Records from a data source ->
--- START ---

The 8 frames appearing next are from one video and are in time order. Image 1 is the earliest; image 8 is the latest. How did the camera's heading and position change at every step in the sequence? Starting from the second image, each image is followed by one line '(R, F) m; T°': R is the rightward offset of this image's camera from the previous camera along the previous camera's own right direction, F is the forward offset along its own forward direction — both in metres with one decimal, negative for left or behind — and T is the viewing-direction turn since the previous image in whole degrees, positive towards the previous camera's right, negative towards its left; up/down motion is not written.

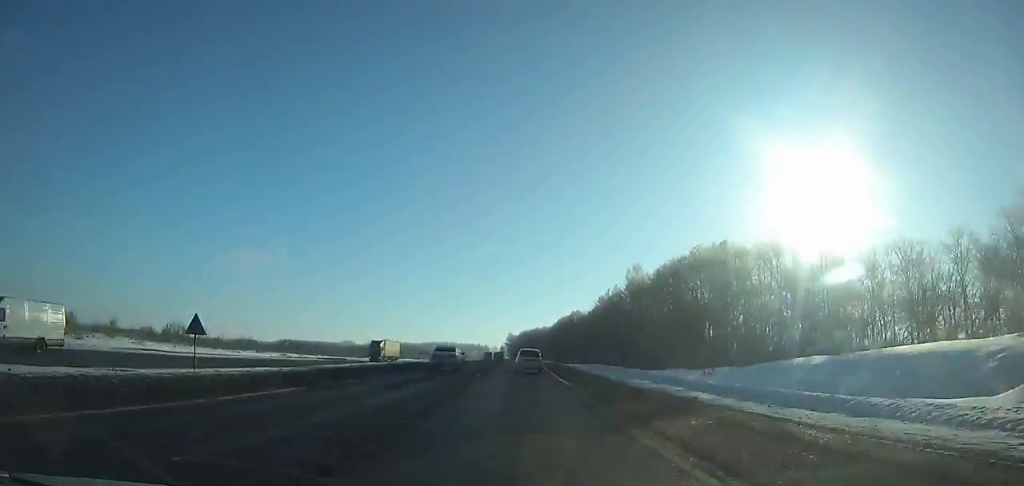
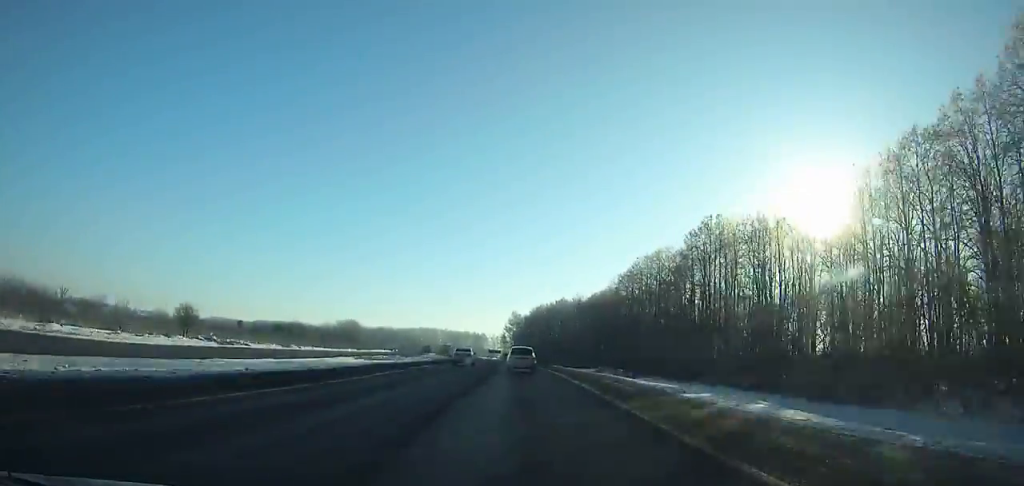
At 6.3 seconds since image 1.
(-0.3, +136.3) m; -2°
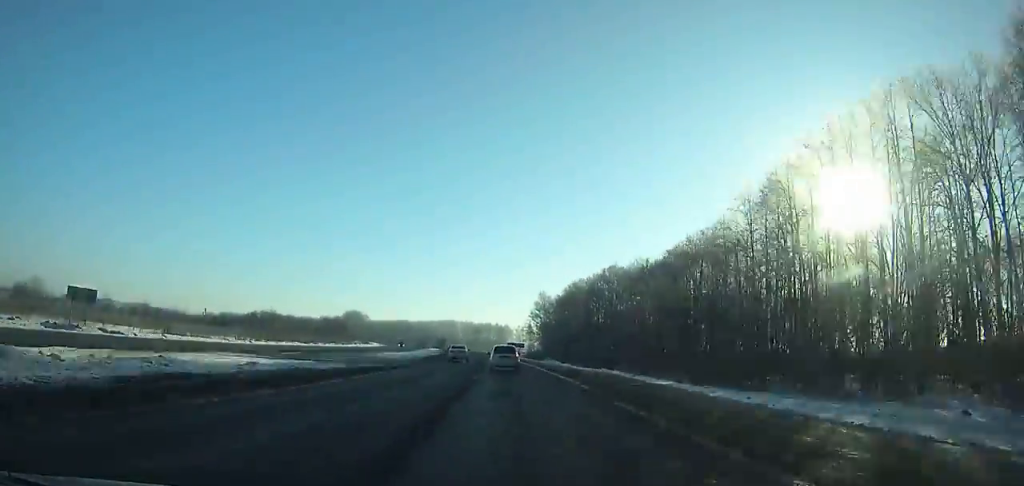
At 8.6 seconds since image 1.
(-1.4, +49.9) m; -3°
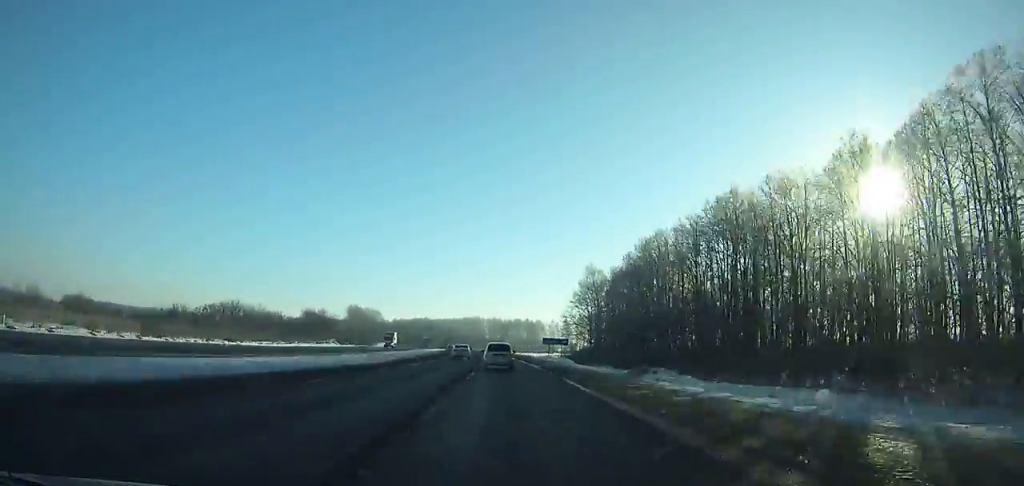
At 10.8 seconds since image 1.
(-1.4, +47.7) m; -3°
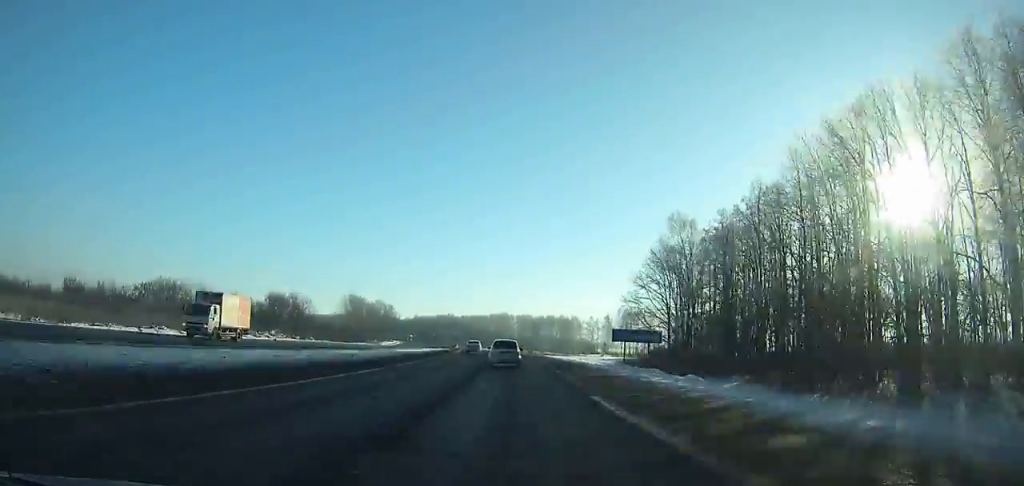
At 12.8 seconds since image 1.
(-0.8, +43.3) m; -3°
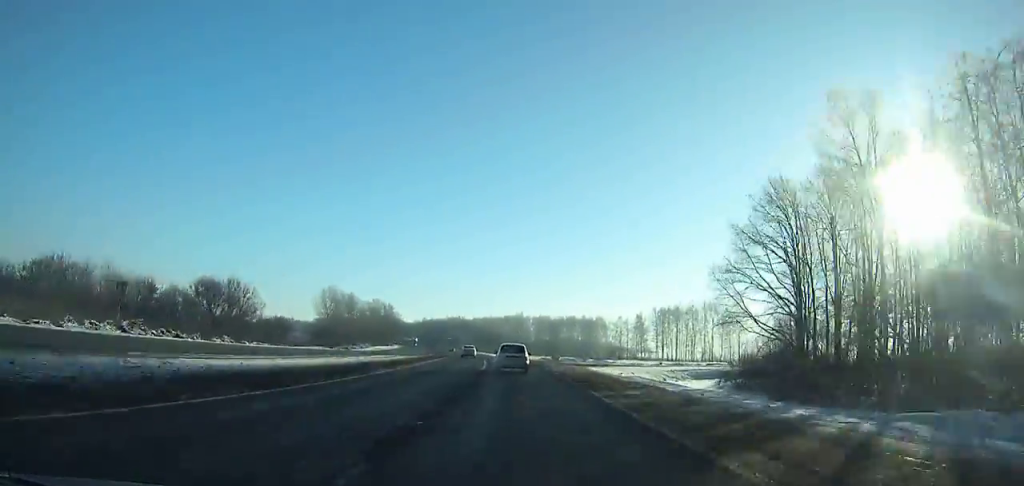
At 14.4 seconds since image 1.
(-0.6, +34.3) m; -2°
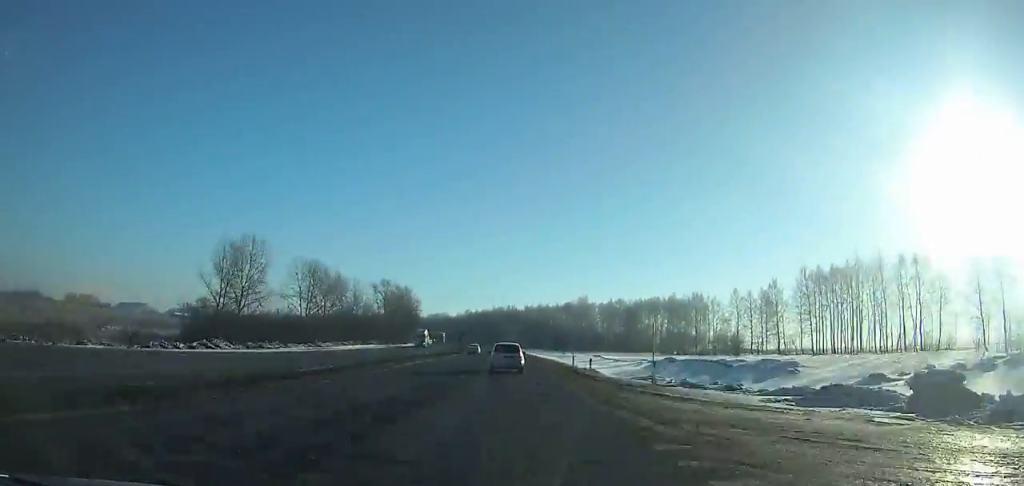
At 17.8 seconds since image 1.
(-3.4, +72.0) m; -5°
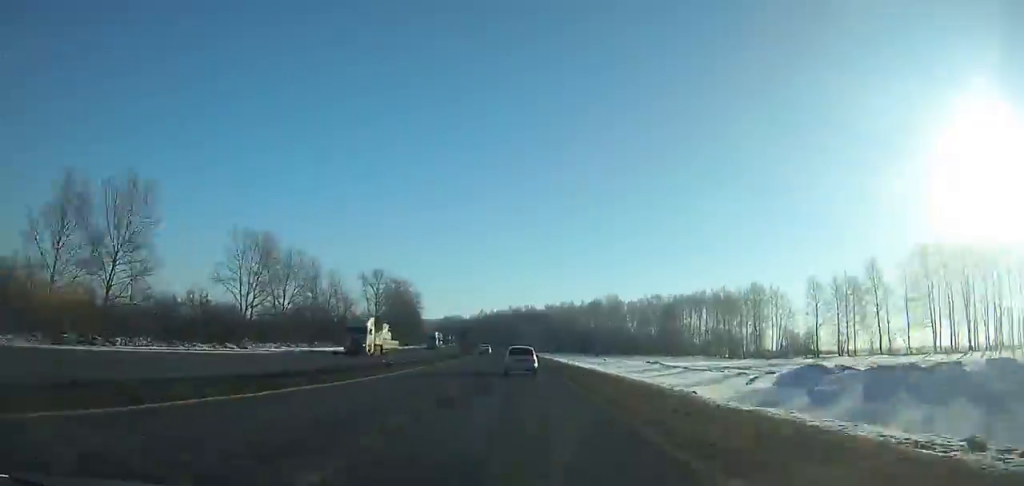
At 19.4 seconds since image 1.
(-0.6, +33.6) m; -2°

--- END ---

Copy the preceding data in full and word for word, dropping its pictures.

The 8 frames appearing next are from one video and are in time order. Image 1 is the earliest; image 8 is the latest. How did the camera's heading and position change at every step in the sequence? Starting from the second image, each image is followed by one line '(R, F) m; T°': R is the rightward offset of this image's camera from the previous camera along the previous camera's own right direction, F is the forward offset along its own forward direction — both in metres with one decimal, negative for left or behind — and T is the viewing-direction turn since the previous image in whole degrees, positive towards the previous camera's right, negative towards its left; up/down motion is not written.

At 6.3 seconds since image 1.
(-0.3, +136.3) m; -2°
At 8.6 seconds since image 1.
(-1.4, +49.9) m; -3°
At 10.8 seconds since image 1.
(-1.4, +47.7) m; -3°
At 12.8 seconds since image 1.
(-0.8, +43.3) m; -3°
At 14.4 seconds since image 1.
(-0.6, +34.3) m; -2°
At 17.8 seconds since image 1.
(-3.4, +72.0) m; -5°
At 19.4 seconds since image 1.
(-0.6, +33.6) m; -2°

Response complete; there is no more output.